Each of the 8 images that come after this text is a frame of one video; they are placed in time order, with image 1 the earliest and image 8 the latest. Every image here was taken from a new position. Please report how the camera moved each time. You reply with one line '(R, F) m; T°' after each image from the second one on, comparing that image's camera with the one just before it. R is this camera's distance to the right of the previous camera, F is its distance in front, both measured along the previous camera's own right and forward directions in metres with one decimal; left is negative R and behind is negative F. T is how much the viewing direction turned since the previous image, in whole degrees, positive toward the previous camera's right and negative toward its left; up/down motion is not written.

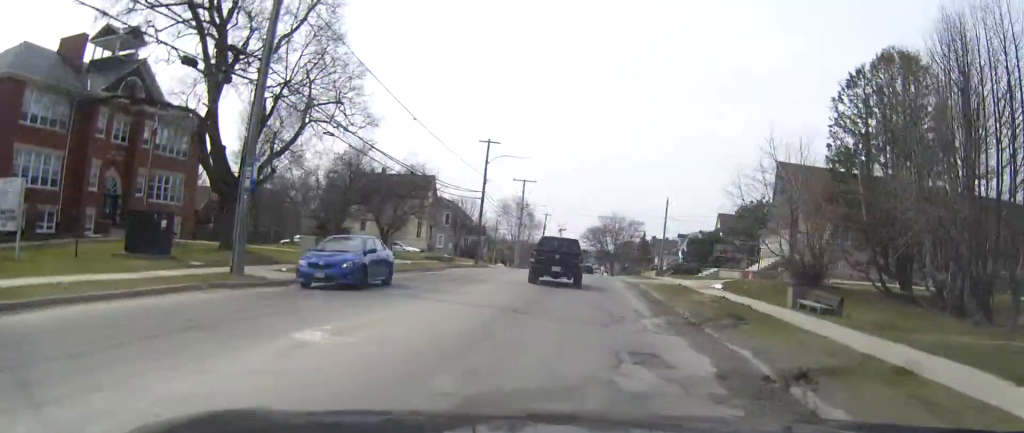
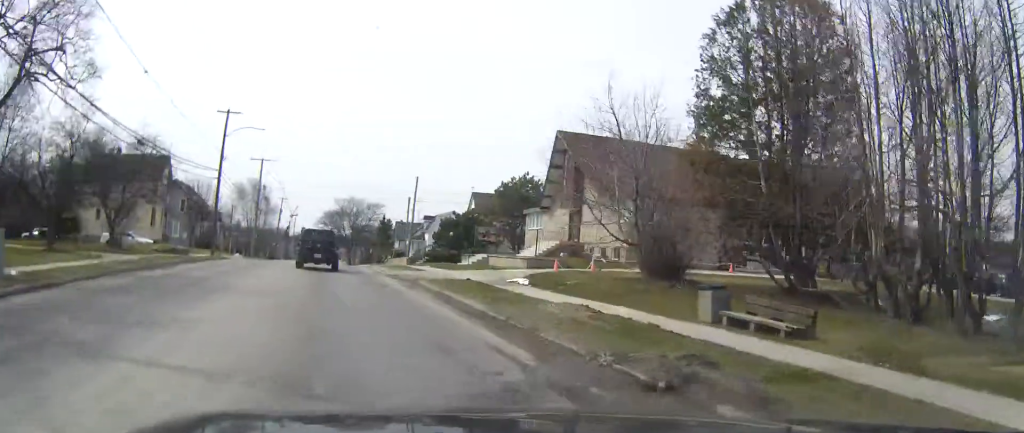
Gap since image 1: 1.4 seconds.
(+1.5, +7.7) m; +18°
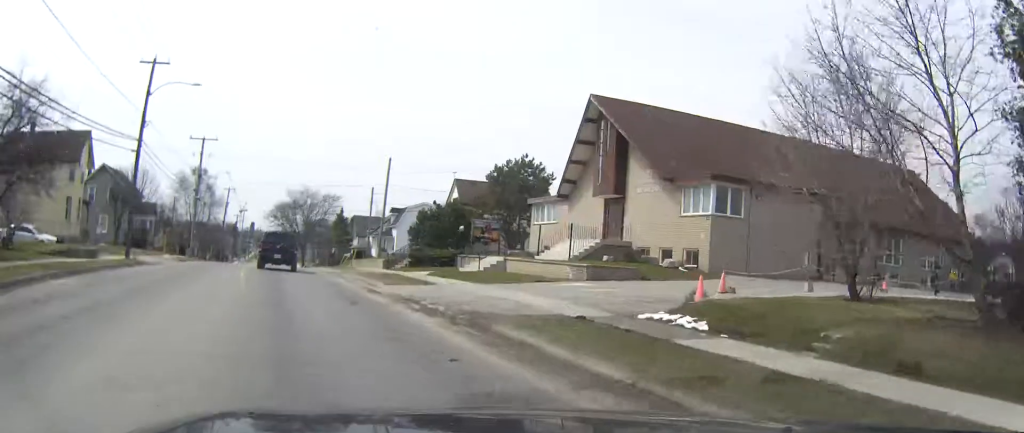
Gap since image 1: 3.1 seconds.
(+0.9, +11.9) m; +6°
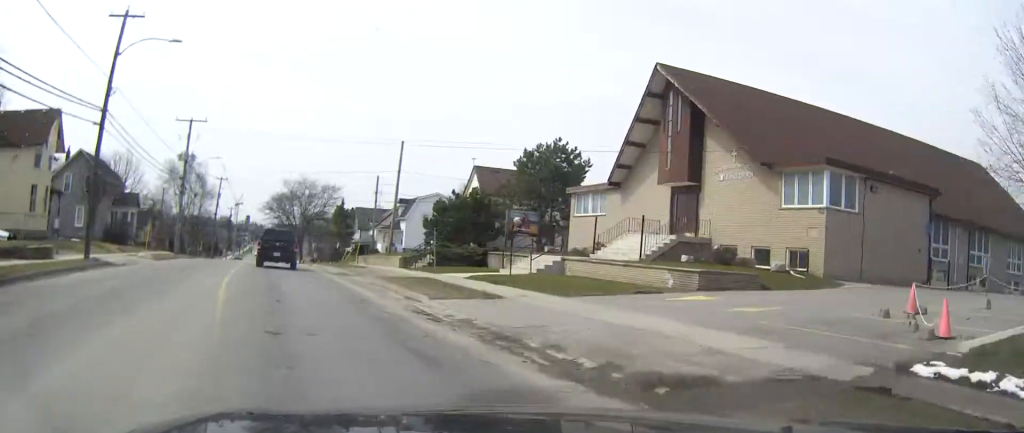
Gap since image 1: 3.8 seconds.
(0.0, +6.5) m; +1°
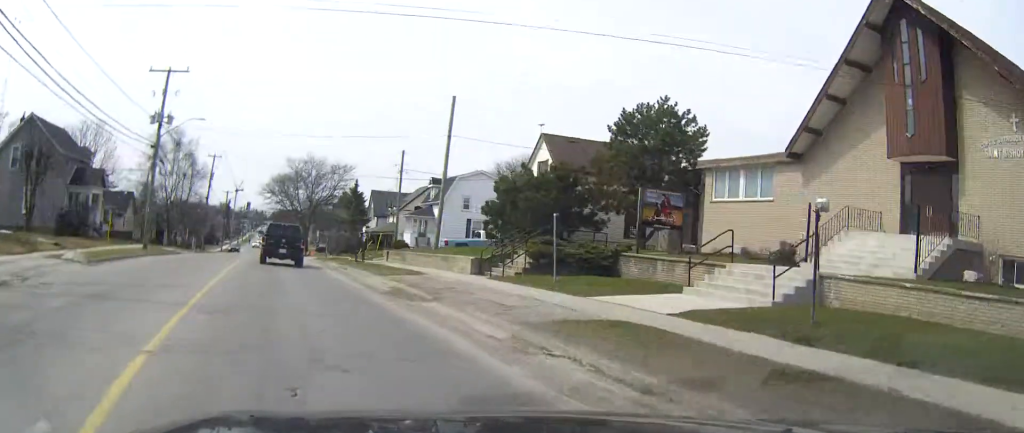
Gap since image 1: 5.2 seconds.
(0.0, +14.2) m; 0°
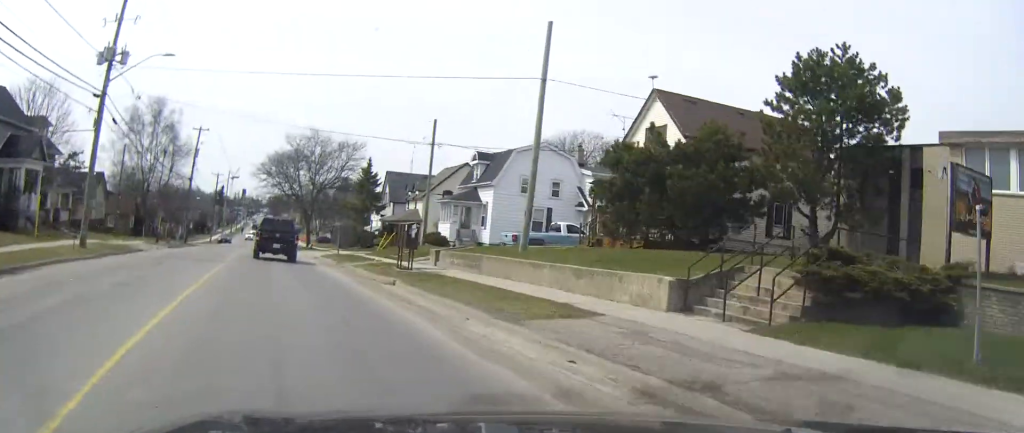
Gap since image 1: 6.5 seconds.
(+0.1, +15.7) m; 0°
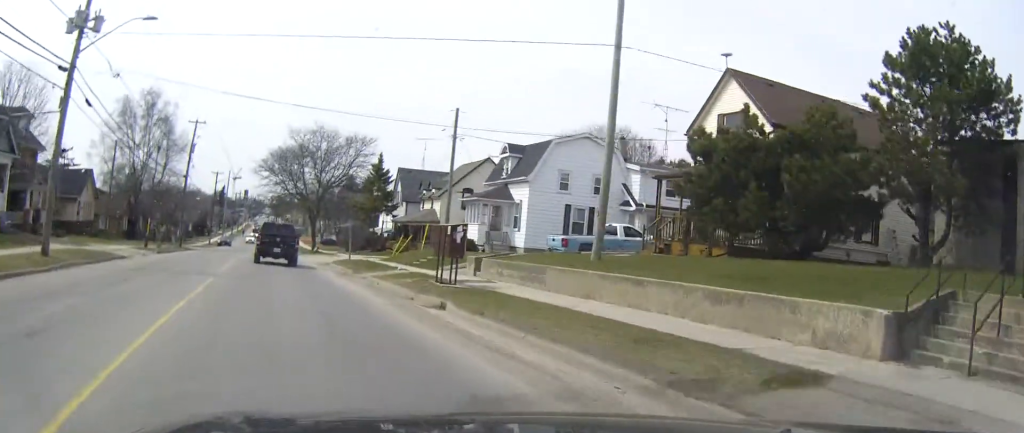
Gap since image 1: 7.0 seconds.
(0.0, +6.3) m; 0°
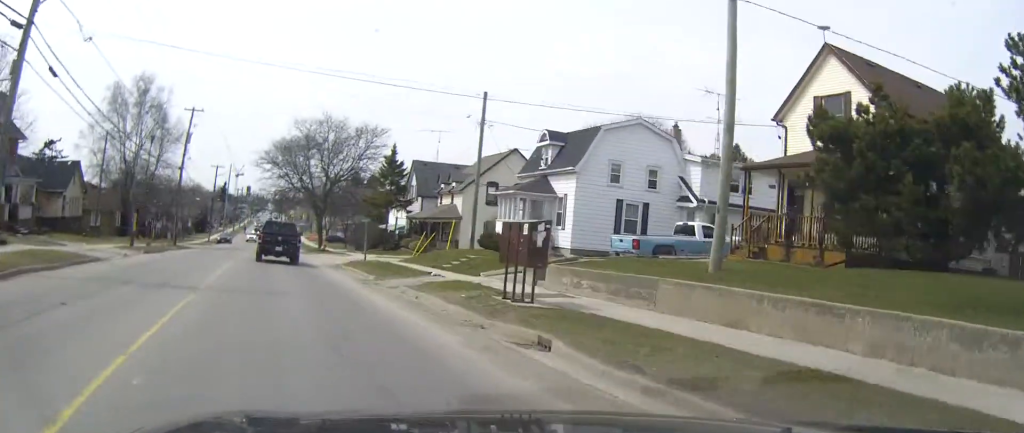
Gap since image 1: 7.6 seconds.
(0.0, +6.2) m; 0°

______________________________

• _Instructions for the task_: Exclude the pictures and write out exactly the lines from the one holding "Gap since image 1: 5.2 seconds." through the end of the entries, inclusive, and only those.

• _Task result_:
Gap since image 1: 5.2 seconds.
(0.0, +14.2) m; 0°
Gap since image 1: 6.5 seconds.
(+0.1, +15.7) m; 0°
Gap since image 1: 7.0 seconds.
(0.0, +6.3) m; 0°
Gap since image 1: 7.6 seconds.
(0.0, +6.2) m; 0°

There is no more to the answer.